システム稼働状況の監視というのは、基本的には以下のような流れの中のひとつとして位置付けられます。
リスクの洗い出し
リスクの分析
- 方針の策定、対策の実施
- 予防的対策
- 監視設定
- 障害発生時の対応方針策定
以下、各項目について説明します。
リスクの洗い出し
基本的にはあらゆる障害が起こりうるものと想定するのですが、サービスの内容、システム構成によってリスクの種類はかなり異なると思います。具体的な例としては以下のようなものが挙げられます。
- アクセス集中によるサイトの高負荷・無応答
- IaaS側の障害によるシステム停止
- データ増加によるディスク容量不足
- システムの脆弱性・バグに対する攻撃による、データ消失・改竄
- 不正アクセスによるシステム高負荷
なお、洗い出し作業を行う際には、事象のレイヤー・因果関係に注意して分類を行って下さい。上の1番目の例を用いると、例えば以下の様に細分化が出来ます(あくまで一例です)。
- システム外部の視点からの事象:サイト無反応
- システム外部の視点からの原因:アクセス過多
- システム内部の視点からの事象:DBサーバーのCPU高負荷
- システム内部の視点からの原因:適切なインデックスが張られていない、DBのバッファサイズが小さい等々
リスクの分析
次に、上記のようなリスク事象の発生頻度、発生した場合の影響度(定量的・定性的)などを調査し、優先順位を決定します。

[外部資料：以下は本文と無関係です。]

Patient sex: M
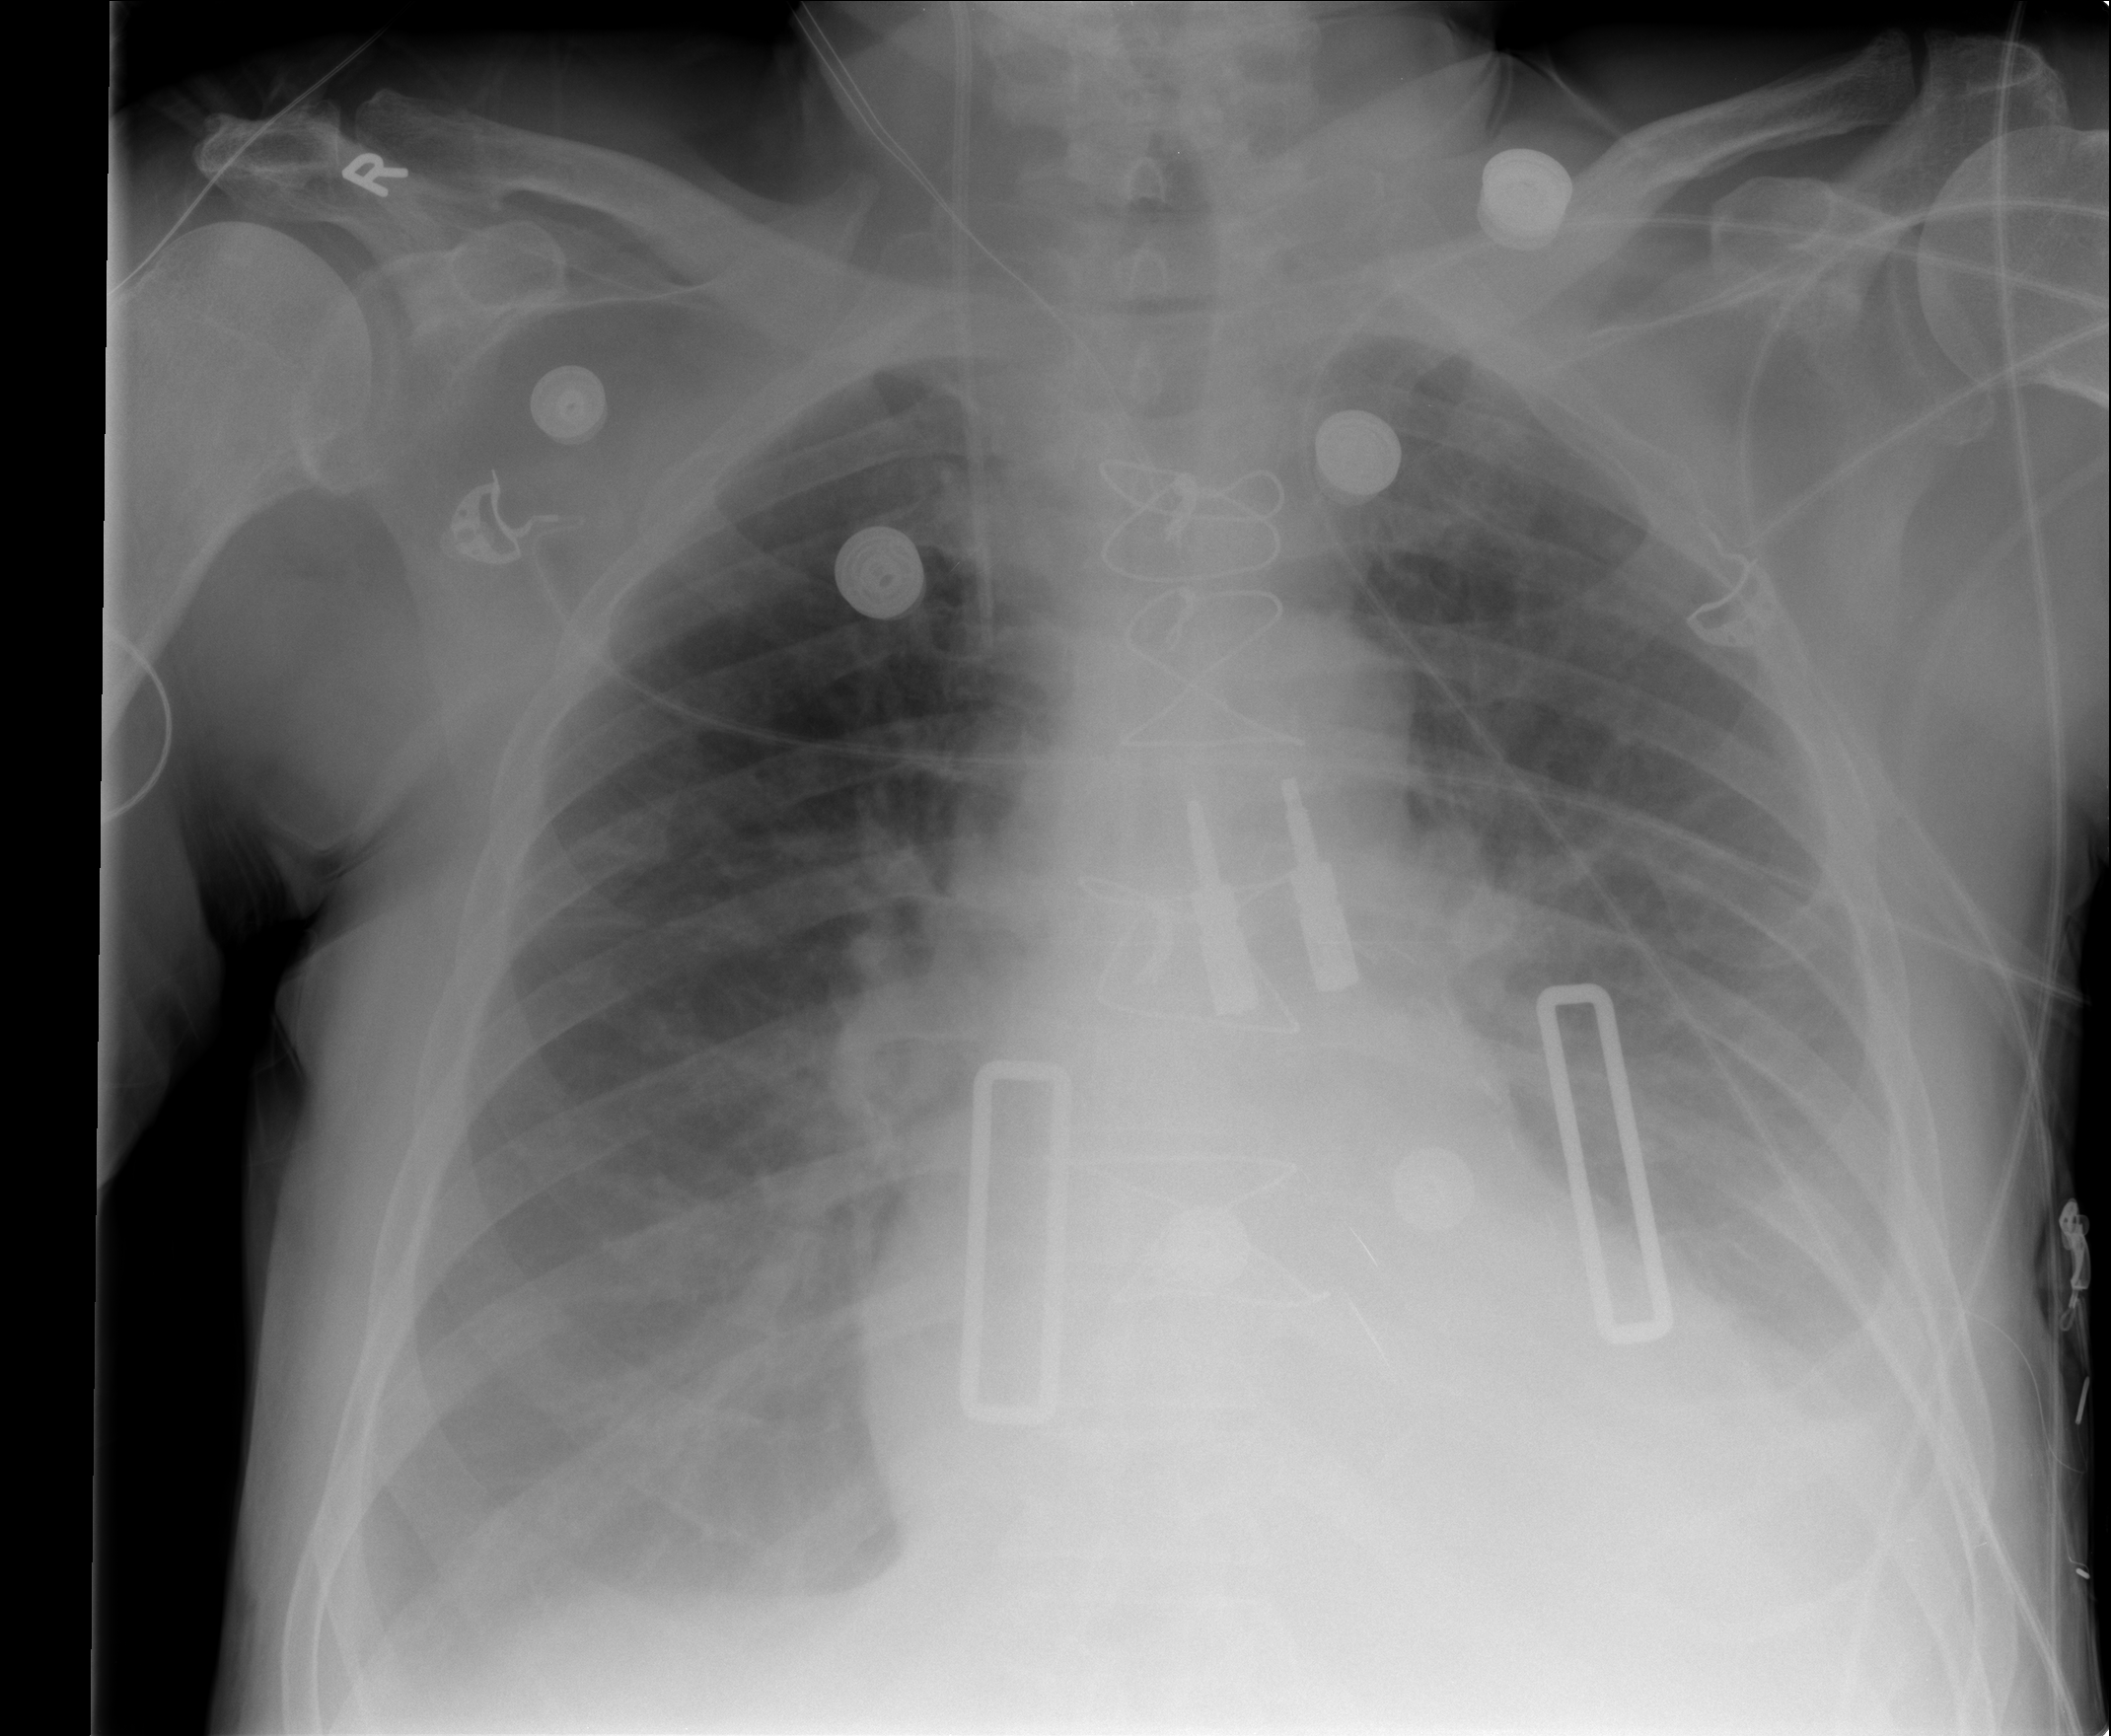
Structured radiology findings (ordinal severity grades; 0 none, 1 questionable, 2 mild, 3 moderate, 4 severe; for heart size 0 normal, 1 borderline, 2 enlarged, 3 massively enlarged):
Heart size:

なお、これはリスク分析の基本なのですが、あまり時間をかけすぎて、リスク事象発生時の損害を上回るコスト(=作業時間)をかけても仕方ありません。基本は「ほどほどに」です。どの程度が「ほどほど」か分からなければ、「ないよりマシ」というレベルでいいと思います。
- 発生頻度
発生頻度は過去のデータがあれば一番いいのですが、例えばサービスを立ち上げた直後にはデータがありませんので、大ざっぱに推測します。その際、あまり正確な値にしようとは考えず、間違えていてもいいのでとりあえず値を出します。
項目 発生頻度 DoS攻撃 1回/月 EC2のリージョン単位の障害 1回/年 クラウドサービスに保管したデータの消失 0.00001% ディスク容量不足 今のペースだと10G/1ヶ月増加 - 影響度
事象が発生した場合の影響度を、定量的・定性的に見積もります。
定量的に影響度を出せるケースはあまり多くはないと思いますが、例えば、サービス停止の場合は以下のようなものを算出します。
日中にサービスが30分間停止すると、その間発生するはずだった以下の機会を逃す。
項目 影響 新規登録者 50人 投稿数 100 SNSへの投稿 20 定性的な影響度の例として、システム外部からの視点では以下のようなものが挙げられます。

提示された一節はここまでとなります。